The modern day tractors are designed in such a way to transmit large amounts of power to the soil. Transmitting that power of the tractor requires a very large frictional forces, or traction, at the soil surface. Traction can be increased by the increasing of either weight or contact area. Weight added to it creates greater force at the soil surface, which also cause greater soil compaction and increased soil strength. The increased soil strength resists the forces applied by a tire as it transmits power to the implements in contact with the soil, but the additional weight cause a deeper track, which increases the rolling resistance.

Compaction of soil

Compaction of soil is an increase in bulk density which is also a decrease in pore space of the soil that is often caused by applying pressure to the soil with tractors and other heavy equipment such as trucks, combines and grain carts. Compaction of the soil can lead to a physical barrier to normal healthy root growth, causing the symptoms of water stress as well as nutrient stress. The effects of reduced pore space are reduced water infiltration, soil water holding capacity, and exchange of air.
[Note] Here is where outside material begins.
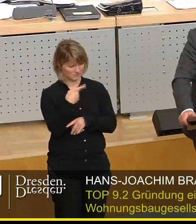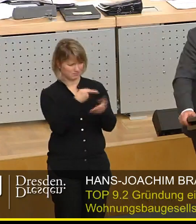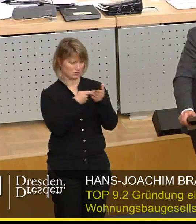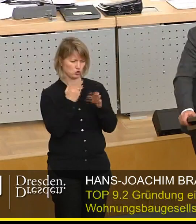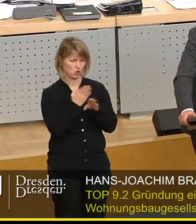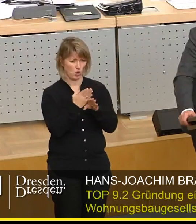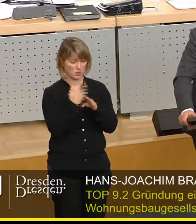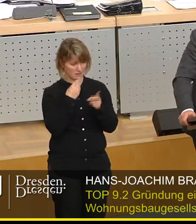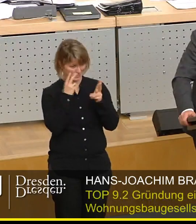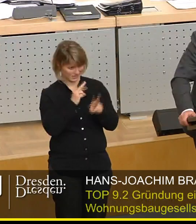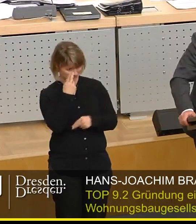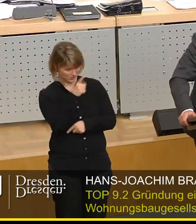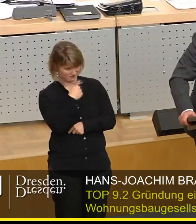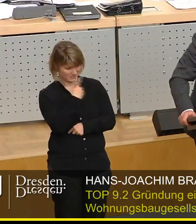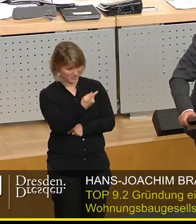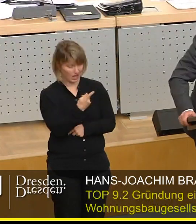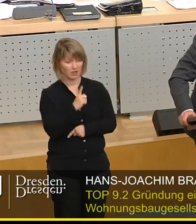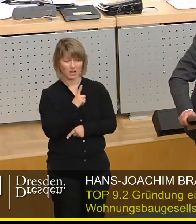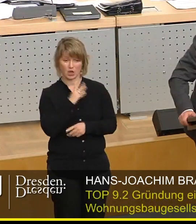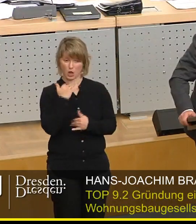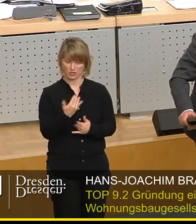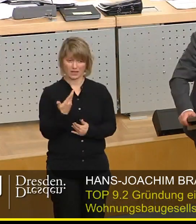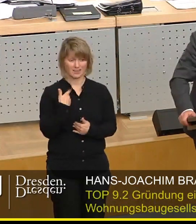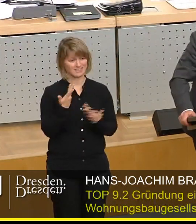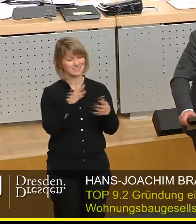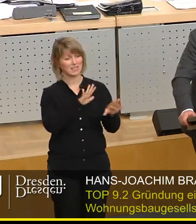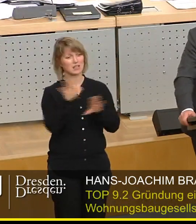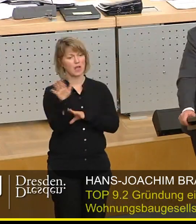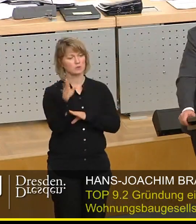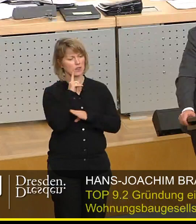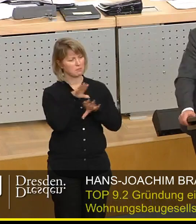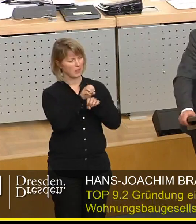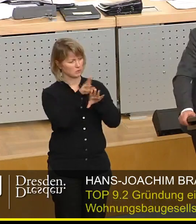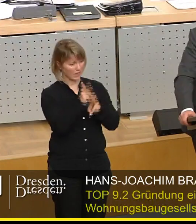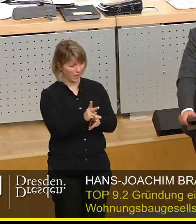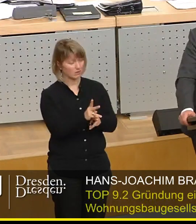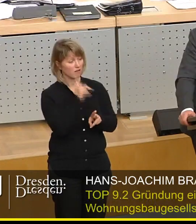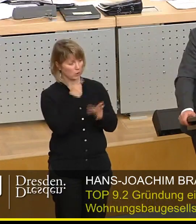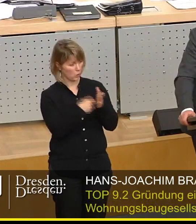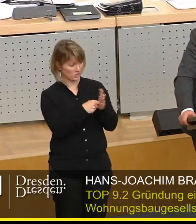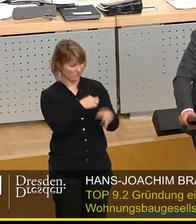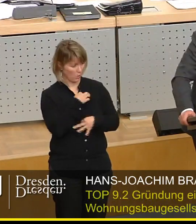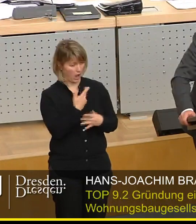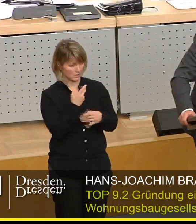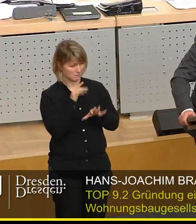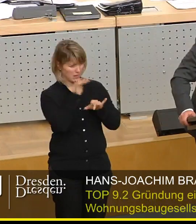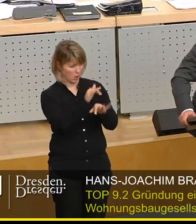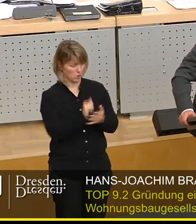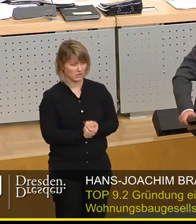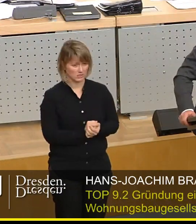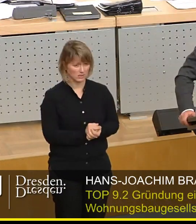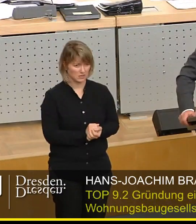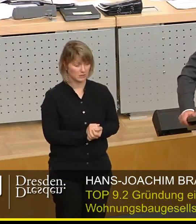verstanden habe würden nach dem heutigen Wert die 10.000 Belegungsrechte 80 Millionen kosten dann rechnen Sie doch mal wenn Sie

In the period when moisture is either in short supply or excessive, the pore space in a well-structured soil then acts as a reservoir and conduit system for the water, then buffering the effects of moisture extremes. An ideal soil consists of about 50 percent pore space which is allocated equally to air and water. Pore space in the soil also allows for the roots to displace soil as they grow. But heavy wheel traffic, especially under wet soil conditions, damages soil structure and packs soil particles closely together, then reducing the soil pore spaces. A tightly packed soil is a serious condition for plants. 
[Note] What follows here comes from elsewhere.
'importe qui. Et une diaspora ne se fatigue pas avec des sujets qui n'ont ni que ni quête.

Plant roots encounter physical barrier to growth due to the fact that there is nowhere to move the soil, and the reservoir and conduit system for air and water is shut down. Any practice that minimizes soil pressure also minimizes the soil compaction. Maximizing tractive efficiency and minimizing compaction are often compatible results and both increase profitability in the operation.

Management of power

Tractor drive trains are not designed in a way that they can provide maximum power in lower gears. Maximum power which is delivered at low speeds requires large forces that can cause premature wear on drive trains. Maximum power which is delivered at a higher speed requires smaller soil forces as well as smaller traction requirements. Implements with large draft requirements, such as primary tillage tools, should be sized so that they can be operated at minimum speeds of at least four or five miles per hour. Pulling an implement at higher speeds reduces both drive train wear and soil compaction when the tractor is ballasted properly. The combination of smaller implements pulled at higher speeds reduces the weight needed to achieve maximum tractive efficiency and this also minimizes the pressure which is applied to the soil surface and reduces compaction of the soil.

Management of ballast

The management of ballast should be to achieve just enough traction to transmit power to the ground without slippery of excessive wheel. Most of the power is always lost to wheel slip. Excess ballast causes a deeper track that increases rolling resistance. Power is lost from an over-ballasted tractor because the wheel must climb out of the deeper track that it creates. Optimum ballast is a compromise between wheel slip and rolling resistance.

Tilled or soft soils require more ballast for traction. Tillage reduces the strength of the soil, which then increases the depth of tracks and reduces traction. More power is lost to both rolling resistance and wheel slip on tilled or soft soils than on no-till or firm soils. Ballast should be distributed between the front and rear of the tractor in the correct proportions to then achieve maximum tractive efficiency as well as stability. The location of the drawbar on a tractor causes weight transfer from the front axle to the rear axle when the tractor is pulling an implement. Weight transfer is especially evident on a two-wheel-drive tractor when the front end and due to this reason, the steering becomes so light difficult.